Algo tiene el verano que al pronunciar su nombre es como si el aire se llenase de una mística especial que renovase la promesa de vivir una época incomparable.
No sé qué es lo que hace el verano con la vida y con la gente pero nos llena y nos empuja a florecer, nos arrastra afuera, a poblar las terrazas y los parques.
Nos precipita hacia ese primer trago de cerveza helada que refuerza la idea de que el verano se parece a la vida, y la vida es precisamente la libertad que se paladea en ese efímero instante.
El verano era aquello que pasaba cuando el tiempo formaba parte de lo incontable; cuando todo sucedía en la calle, cuando la distancia se medía en pedaladas de bicicleta y los días se contaban en helados al sol, en piedras sobre las que saltar para poder cruzar al otro lado del río y en olas rompiendo en el mar mientras alguien muy querido te arropaba con una toalla en la arena.
El verano fue siempre un síntoma de esperanza, de que algo mejor, más grande e inolvidable estaba por venir para hacer empequeñecer al anterior.
Me pregunto en qué momento el verano dejó de ser lo que una vez fue; tal vez sea el hecho de que ya no tengo bicicleta, que los días se cuentan cada vez más con los dedos y menos con el corazón o que, simplemente, se cansó de intentar superarse a sí mismo.
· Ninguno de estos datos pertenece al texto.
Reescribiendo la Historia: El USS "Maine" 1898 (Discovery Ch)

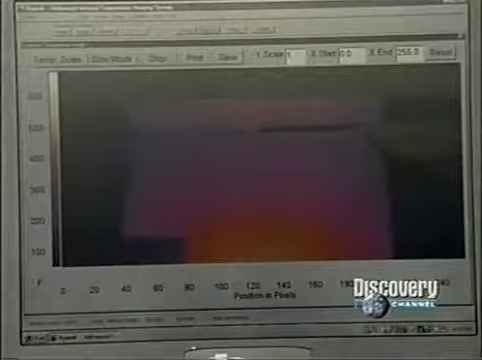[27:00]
¿La línea de remaches? Sí, están de color amarillo, muy intenso, pasan de los 500 grados. A la izquierda de la pantalla empiezan a asomar los cilindros, ¿sí?
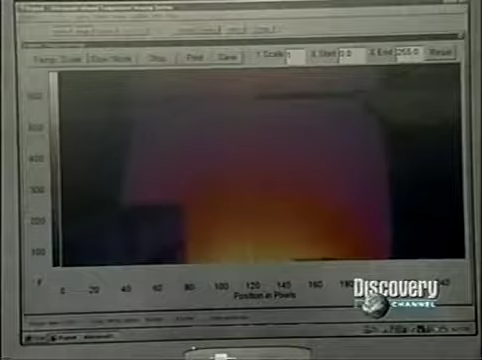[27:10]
Tienen una temperatura de entre 100 y 150 grados. Hace mucho calor. Hay 600 grados justo en el centro de los remaches y la caja de cobre está a unos 300 grados. Se ve claramente que el calor es intenso en el centro de la plancha.
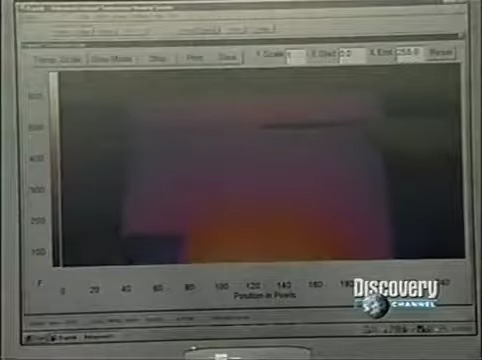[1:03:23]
línea de remaches si están de color amarillo muy intenso pasan de los 500 grados a la izquierda de la pantalla empiezan a asomar los
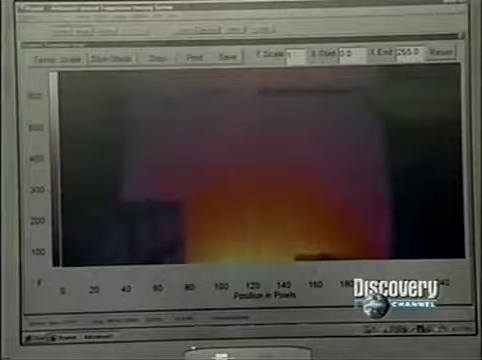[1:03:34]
cilindros tienen una temperatura de entre 100 y 150 grados hace mucho calor hay 600 grados justo en el centro de los remaches
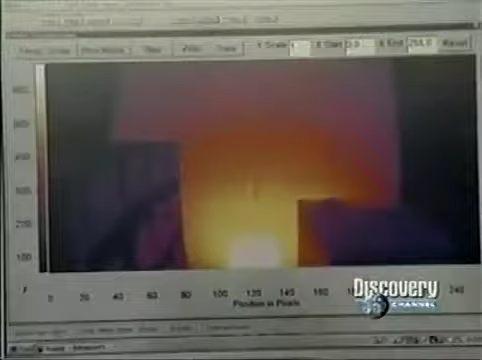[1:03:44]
y la caja de cobre está a unos
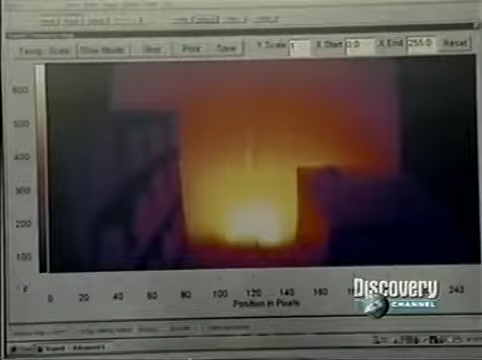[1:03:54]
300 grados se ve claramente que el calor es intenso en el centro de la plancha
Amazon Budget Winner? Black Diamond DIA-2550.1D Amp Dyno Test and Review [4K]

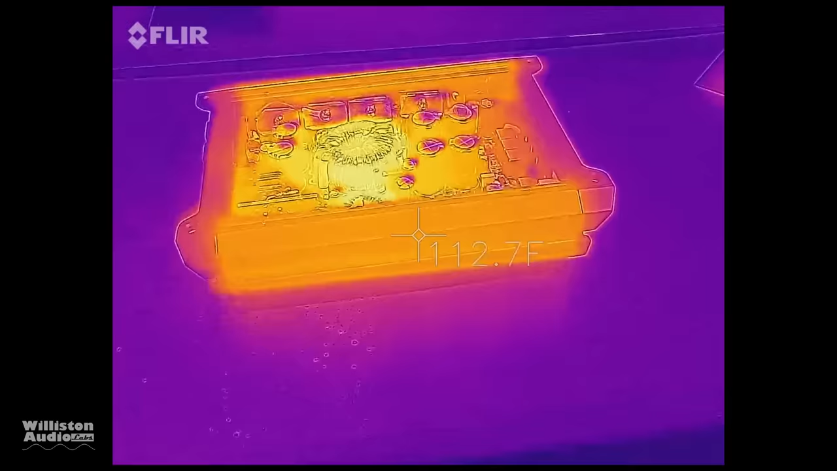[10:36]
On screen: spot 112.7°F
All right, let's check those temps.
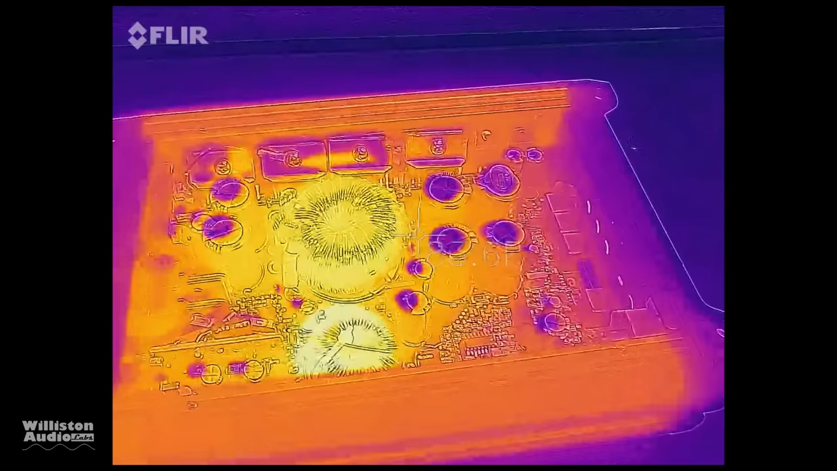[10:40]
Oh, yeah, 133 in the transformer.
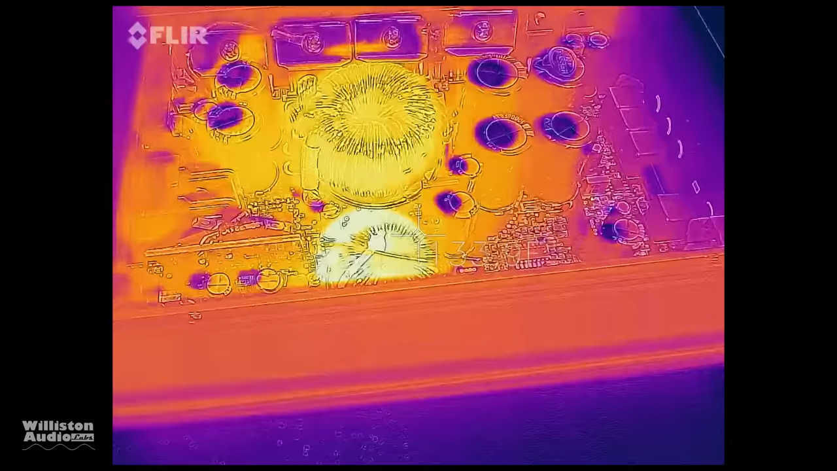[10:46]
140. 143, it looks like, on that choke.
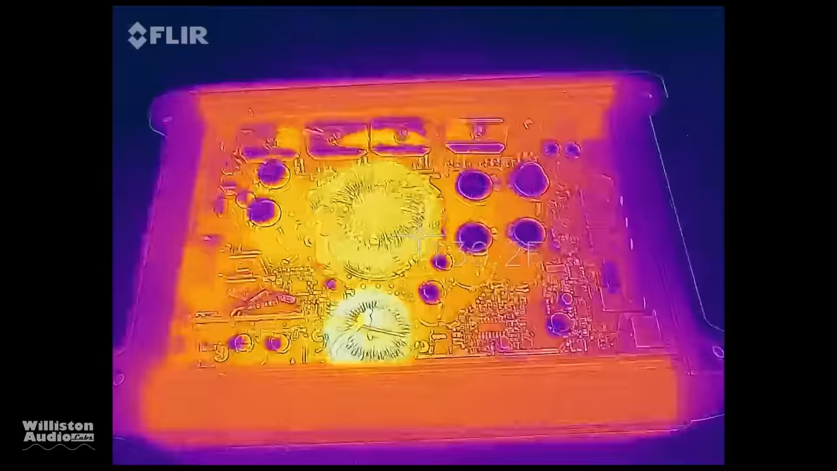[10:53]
There you got cool thermal image of the whole amp.
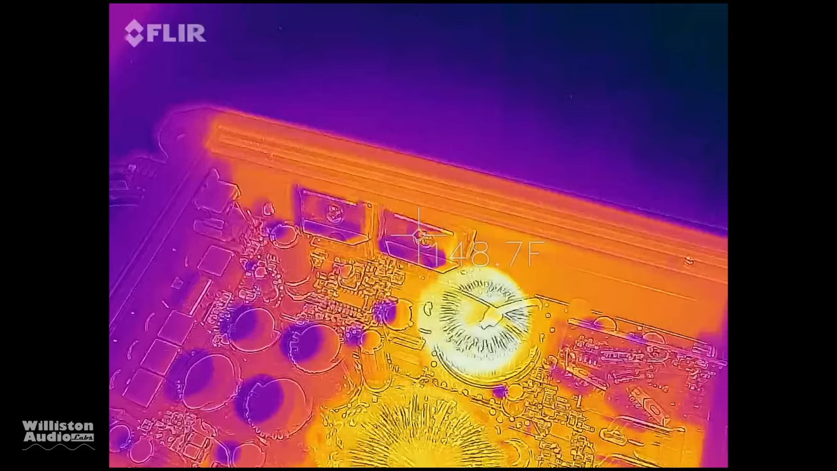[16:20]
On screen: spot 148.7°F
Right about 160 there on the transistor.
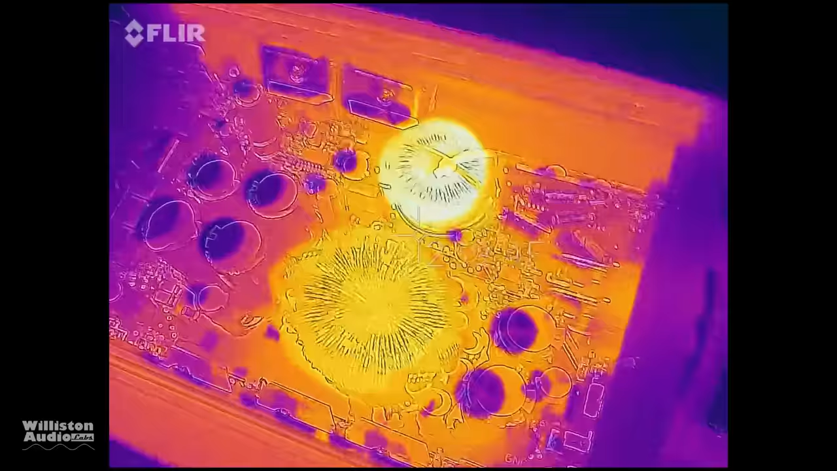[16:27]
But it did go into thermal. Just like it's supposed to.
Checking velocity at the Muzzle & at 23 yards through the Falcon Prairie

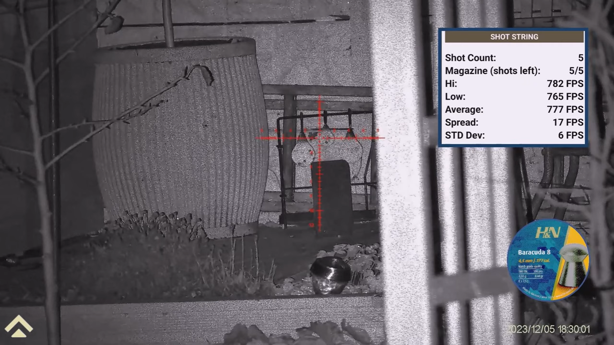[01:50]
Seven hundred eighty-two. 779. Empty magazine. Okay.
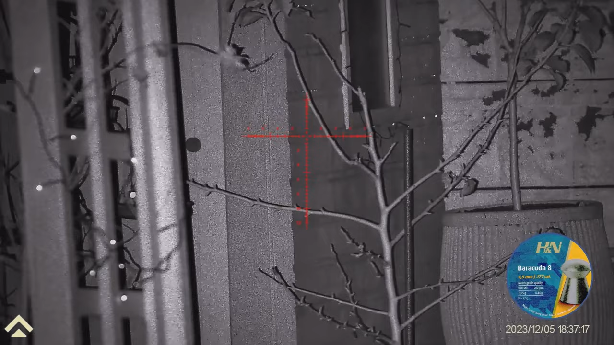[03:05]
arrange to the brick. Going back to 23 yards. I'm going to say 23.
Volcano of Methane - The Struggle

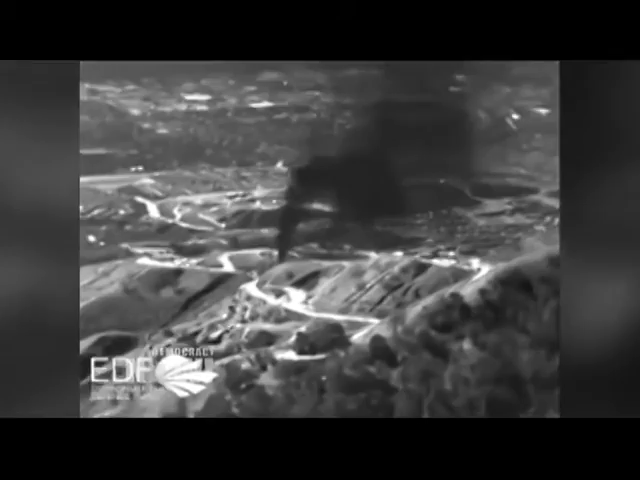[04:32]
Two schools have been closed and more than 2,000 families forced into temporary housing. The leak is coming from a natural gas storage facility owned by the Southern California Gas Company, or SoCal Gas. The exact cause is unknown, but it's believed that well casing was breached deep below the ground. Adding to the confusion, the methane is invisible to the eye, so residents can't see the fumes causing them headaches and nosebleeds. Methane is a powerful greenhouse gas that contributes to global warming.
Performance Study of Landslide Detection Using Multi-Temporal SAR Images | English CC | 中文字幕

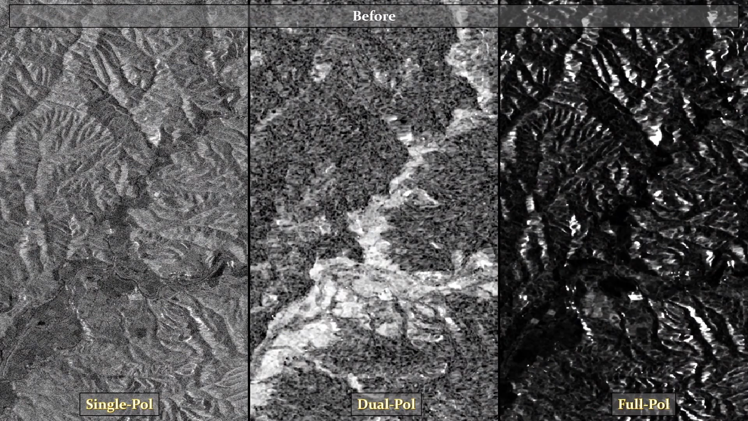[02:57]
These are the different indices before the event and after.
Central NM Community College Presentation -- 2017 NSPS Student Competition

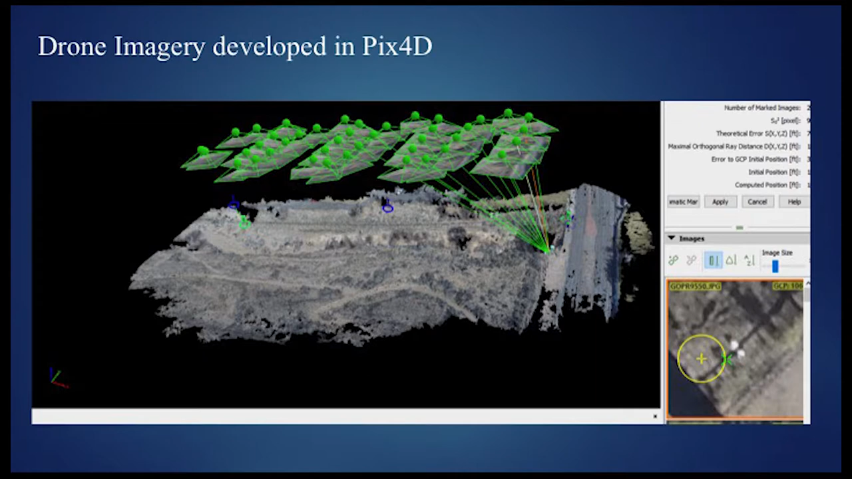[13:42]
It doesn't show the actual overlap. We had about 80% overlap of photography. So this is how you set your control points in the software. It allows you to pick this control point here. And here you can see our panel. And we're able to enter that pixel with the actual level, three-wire level loop information that we have, that we know is accurate.
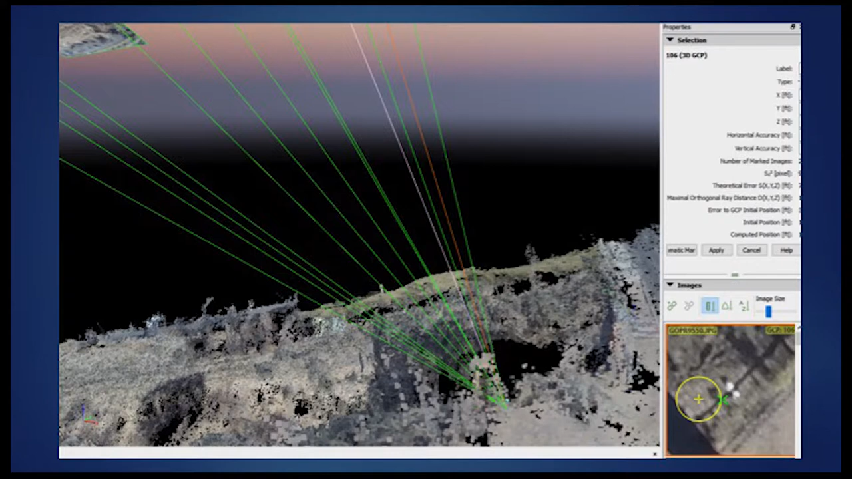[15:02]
These are bushes. And here's our control point again. But we have to take these out. This is called extraction. And the software provides you the ability to do that, but it takes some expertise in that.
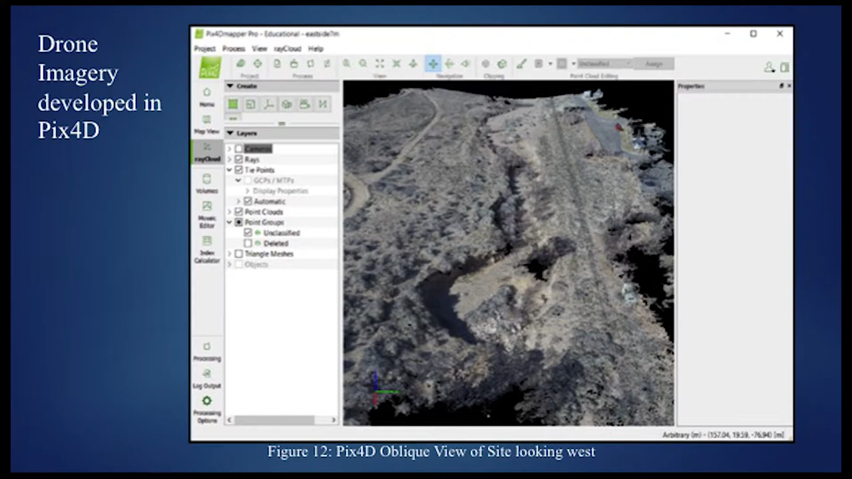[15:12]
A couple different pieces of information. This is the point cloud. Okay, so these are all pixels here. And again, there's some missing here. And then there's also what you can do. This is called triangle meshing. And you can also create, this is more of a solid. See, there's no missing points here. And what it's done is filled in the missing data by
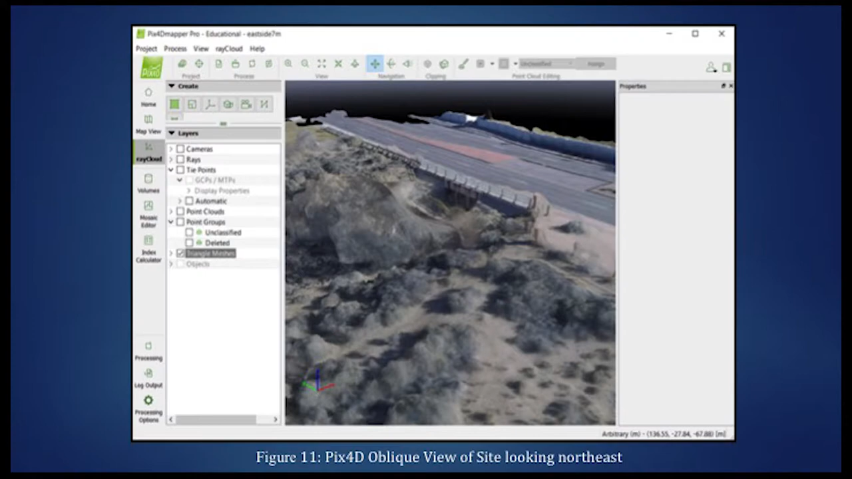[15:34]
providing triangles for you here. This is the DEM produced from that same imagery. Again, the main thing is overlap and removing trees. Here you can see this shed or something like this.

Pero si hay algo que el tiempo no ha conseguido arrebatarle es el embriagador perfume de la brisa mientras cae la luz roja, naranja y amarilla con la que viste el mundo durante todas y cada una de sus tardes y noches infinitas.
Y mientras así sea, nos resultará muy difícil no soñar con renovar nuestra promesa, aunque nos sorprenda un poco menos niños, un poco menos libres, o ingenuos, un poco más solos y, quizá también, un poco menos felices.
Pero nos sorprenderá, a pesar de todo, siempre que le concedamos el permiso para hacerlo. Un año, y otro después del anterior. Porque el verano siempre tiene el poder de hacer algo especial con el aire y con la esperanza.